How do you prepare for jobs that don’t exist yet? That’s a question students, workers, and educators will face in the coming years.

It’s difficult to teach job-related skills when it’s unclear what those jobs will be. It’s not just the times that are changing. Think about explaining to someone just 15 years ago what a social media manager, ride-share service employee, or drone operator does for a living. 

Technology—combined with globalization and a host of other factors—has created an array of new jobs and radically changed others. A recent British study suggests that at least one-third of children entering primary school today will ultimately end up working in jobs we haven’t even dreamed of yet.

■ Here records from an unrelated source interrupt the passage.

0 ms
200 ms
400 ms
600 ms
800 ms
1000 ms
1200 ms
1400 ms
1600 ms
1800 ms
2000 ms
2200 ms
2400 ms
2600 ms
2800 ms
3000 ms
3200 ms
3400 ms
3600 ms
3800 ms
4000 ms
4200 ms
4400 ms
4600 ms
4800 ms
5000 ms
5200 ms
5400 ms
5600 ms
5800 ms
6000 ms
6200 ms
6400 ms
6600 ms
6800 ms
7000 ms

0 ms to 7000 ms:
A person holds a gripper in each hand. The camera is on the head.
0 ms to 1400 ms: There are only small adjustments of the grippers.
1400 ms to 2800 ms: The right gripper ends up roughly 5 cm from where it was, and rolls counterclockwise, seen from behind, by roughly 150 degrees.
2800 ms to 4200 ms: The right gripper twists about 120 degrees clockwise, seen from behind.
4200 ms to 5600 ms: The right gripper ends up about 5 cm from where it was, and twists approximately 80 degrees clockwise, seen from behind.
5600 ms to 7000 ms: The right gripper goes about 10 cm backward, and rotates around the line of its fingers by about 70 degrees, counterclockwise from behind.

So how do we prepare workers and students for a future we can’t foresee? What should we be doing now to give them the skills they’ll need to have a successful career?

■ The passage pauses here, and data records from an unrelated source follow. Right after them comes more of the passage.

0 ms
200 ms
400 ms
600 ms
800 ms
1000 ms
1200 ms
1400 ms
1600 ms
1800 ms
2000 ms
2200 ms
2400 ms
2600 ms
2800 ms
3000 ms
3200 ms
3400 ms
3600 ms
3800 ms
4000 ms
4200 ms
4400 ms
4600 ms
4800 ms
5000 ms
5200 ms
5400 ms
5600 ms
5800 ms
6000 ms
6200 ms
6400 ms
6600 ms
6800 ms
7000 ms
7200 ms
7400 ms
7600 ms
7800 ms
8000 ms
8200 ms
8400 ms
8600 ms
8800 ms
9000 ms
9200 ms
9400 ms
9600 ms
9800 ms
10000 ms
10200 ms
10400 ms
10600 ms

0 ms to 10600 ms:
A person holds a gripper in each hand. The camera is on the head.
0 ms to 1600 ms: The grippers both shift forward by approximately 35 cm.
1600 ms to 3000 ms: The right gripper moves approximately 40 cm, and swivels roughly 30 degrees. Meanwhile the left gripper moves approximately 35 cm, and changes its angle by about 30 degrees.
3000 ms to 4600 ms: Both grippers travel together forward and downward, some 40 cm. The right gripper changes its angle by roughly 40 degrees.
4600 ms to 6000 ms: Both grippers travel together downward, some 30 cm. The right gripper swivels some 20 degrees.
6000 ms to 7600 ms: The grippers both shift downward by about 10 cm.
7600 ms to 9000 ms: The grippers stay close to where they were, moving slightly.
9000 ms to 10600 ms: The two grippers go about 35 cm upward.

“In the old days, when you came to college you were trained in a functional area for a job that you would stay in most of your career,” says Philip Powell, associate dean of academic programs at Indiana University’s Kelley School of Business. “[Today] it’s imperative that schools teach students how to teach themselves.”

Isabelle Bajeux-Besnainou, dean of the Desautels Faculty of Management at McGill University in Montreal, says it’s more important to focus on experiential learning than on job-specific skills. “We cannot teach skills we don’t know exist yet,” she says. “We need a different strategy and make sure they’re becoming lifelong learners.”

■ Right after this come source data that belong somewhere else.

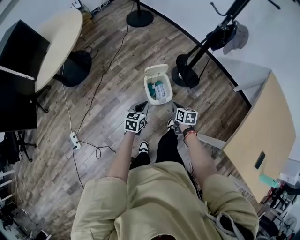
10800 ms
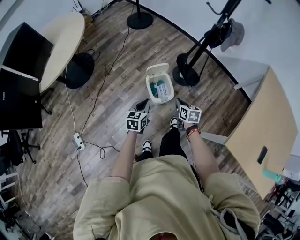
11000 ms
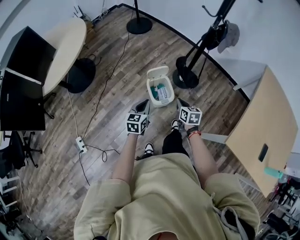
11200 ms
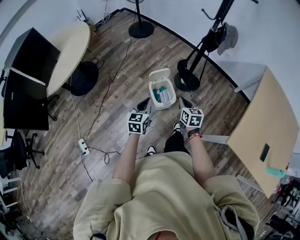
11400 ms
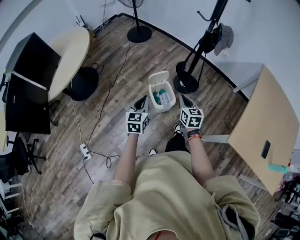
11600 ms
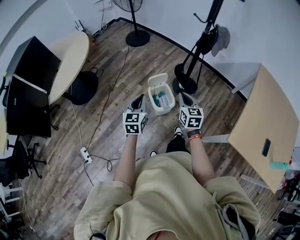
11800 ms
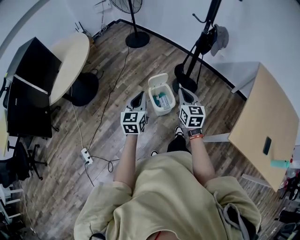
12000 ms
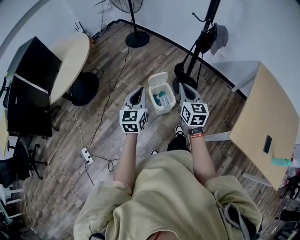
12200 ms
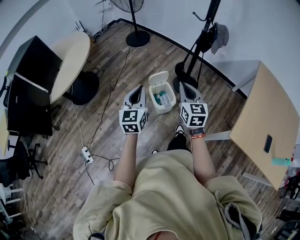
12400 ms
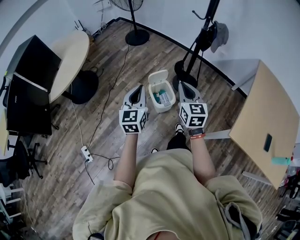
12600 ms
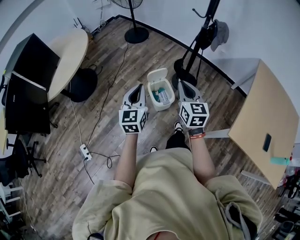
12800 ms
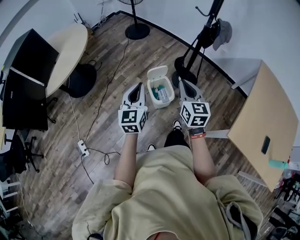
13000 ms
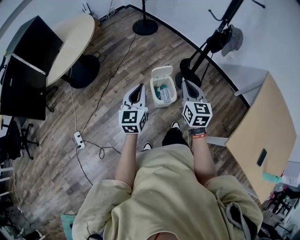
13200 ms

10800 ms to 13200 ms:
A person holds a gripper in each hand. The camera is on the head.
10800 ms to 12000 ms: The grippers both shift upward by approximately 25 cm. The left gripper turns by roughly 20 degrees. The right gripper turns by roughly 40 degrees.
12000 ms to 13200 ms: The grippers stay close to where they were, moving slightly.

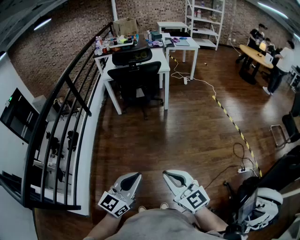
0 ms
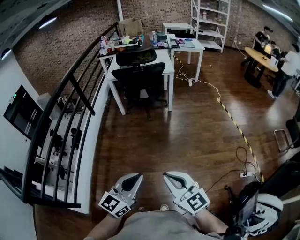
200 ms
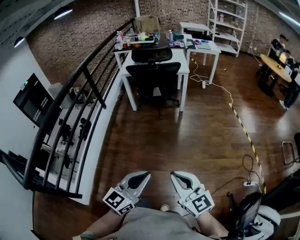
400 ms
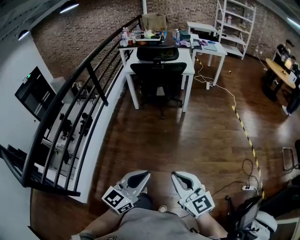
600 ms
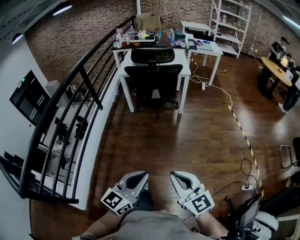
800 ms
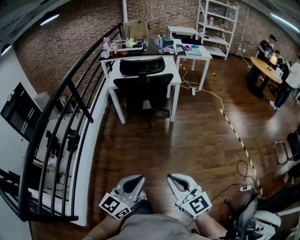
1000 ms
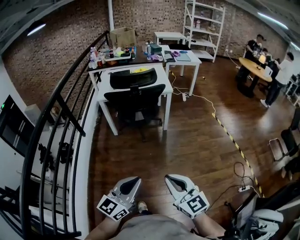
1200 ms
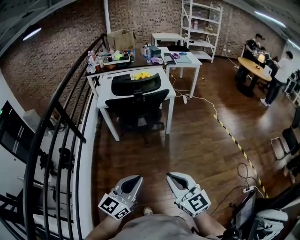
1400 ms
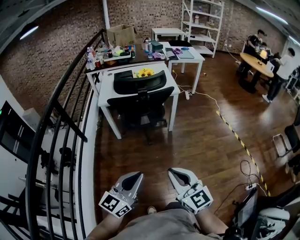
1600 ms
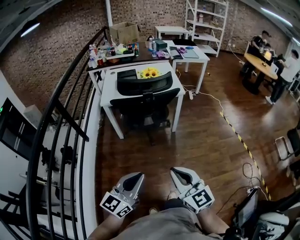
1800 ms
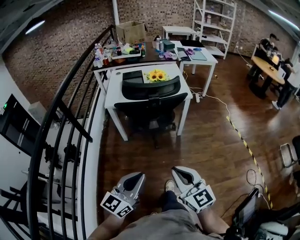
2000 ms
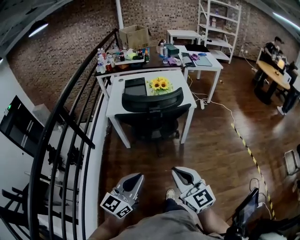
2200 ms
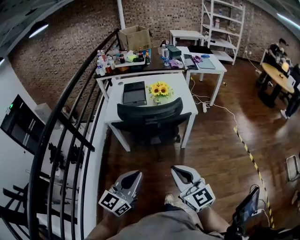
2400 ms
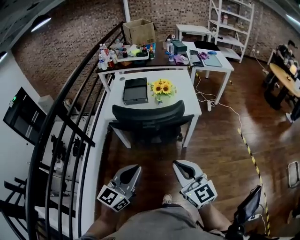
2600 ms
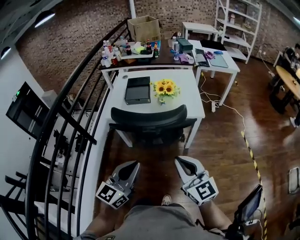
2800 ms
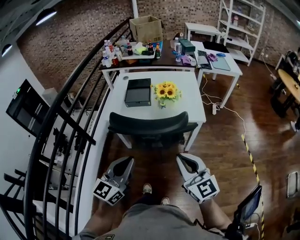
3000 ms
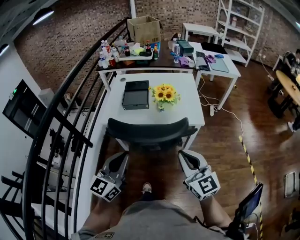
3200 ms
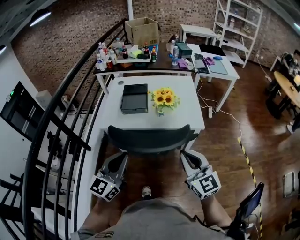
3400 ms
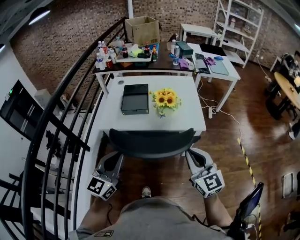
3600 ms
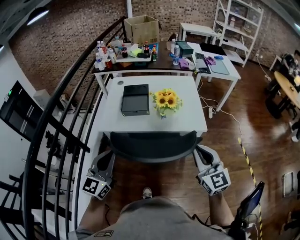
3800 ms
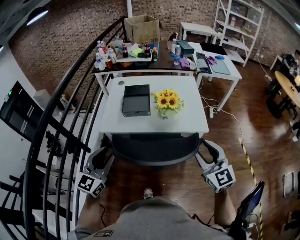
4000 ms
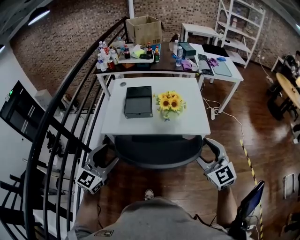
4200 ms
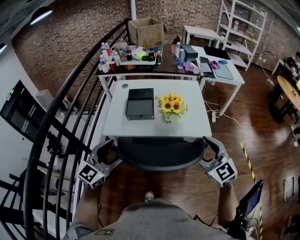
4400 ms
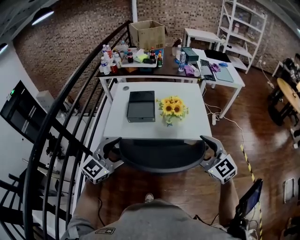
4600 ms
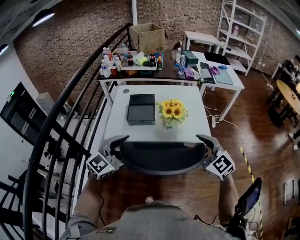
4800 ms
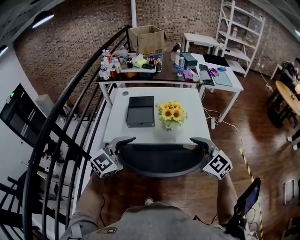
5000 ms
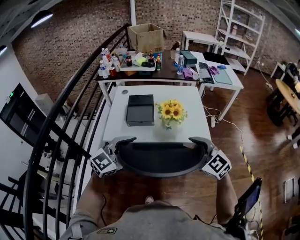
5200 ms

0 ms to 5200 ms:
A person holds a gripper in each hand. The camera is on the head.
0 ms to 1800 ms: Both grippers travel together forward, approximately 35 cm.
1800 ms to 3400 ms: The two grippers go approximately 40 cm forward.
3400 ms to 5200 ms: The grippers both shift forward by roughly 10 cm. The right gripper changes its angle by roughly 30 degrees, and opens; the left gripper changes its angle by roughly 30 degrees, and opens its fingers.
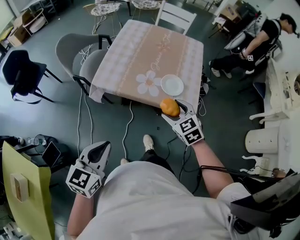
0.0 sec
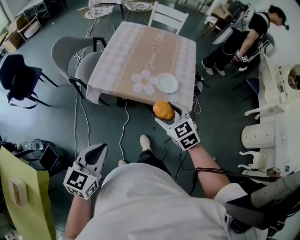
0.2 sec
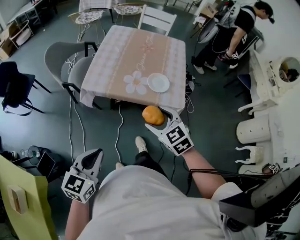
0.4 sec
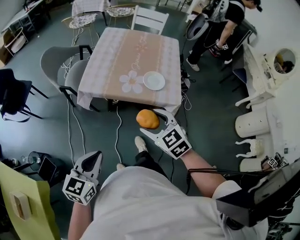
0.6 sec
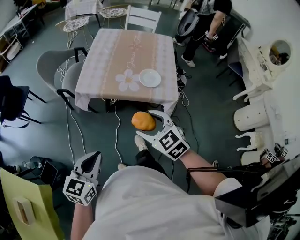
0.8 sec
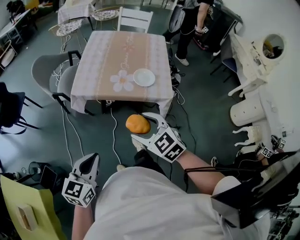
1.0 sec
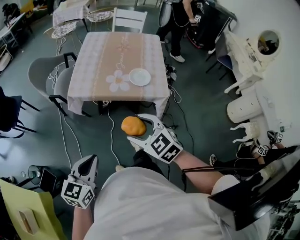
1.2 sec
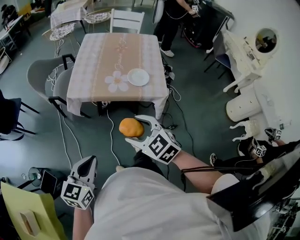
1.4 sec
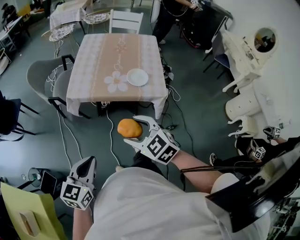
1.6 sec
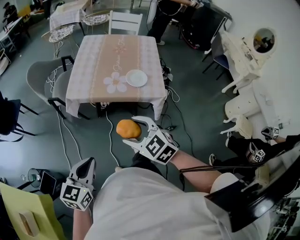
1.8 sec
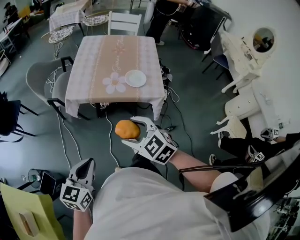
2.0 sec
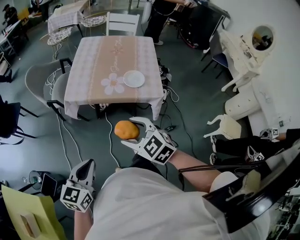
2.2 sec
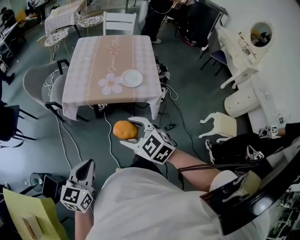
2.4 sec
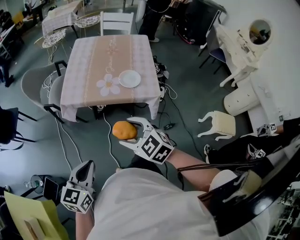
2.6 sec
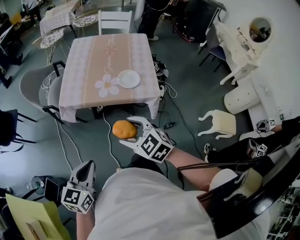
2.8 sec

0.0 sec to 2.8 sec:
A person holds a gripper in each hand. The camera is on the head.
0.0 sec to 1.4 sec: The left gripper is displaced backward by approximately 10 cm. The right gripper travels backward and to the left by approximately 20 cm.
1.4 sec to 2.8 sec: The grippers stay close to where they were, moving slightly.

A 2018 study published in the Journal of Innovation and Knowledge found that experiential learning reinforces theoretical concepts and leads to superior performance. McGill has launched some programs that focus on industry-specific experiential learning, while also incorporating relevant coursework. The school’s new Bensadoun School of Retail Management focusses on the future of retail. It has an experiential lab where students will be able to work with cutting-edge retail technology and real-world simulations.

Ansley Erickson, associate professor of education at Columbia University in New York, sees an opportunity for this future-focussed thinking to also solve bigger issues, including inequality in the workplace. Innovation sometimes contributes to inequality. 

“What kind of schooling prepares, for example, to participate in discussions about what constitutes a decent living wage?” Erickson asks. “What constitutes fair employment practices? How do education and employment operate in an unequal society? I think those questions are just as crucial as questions about what kind of technical training schools can offer.”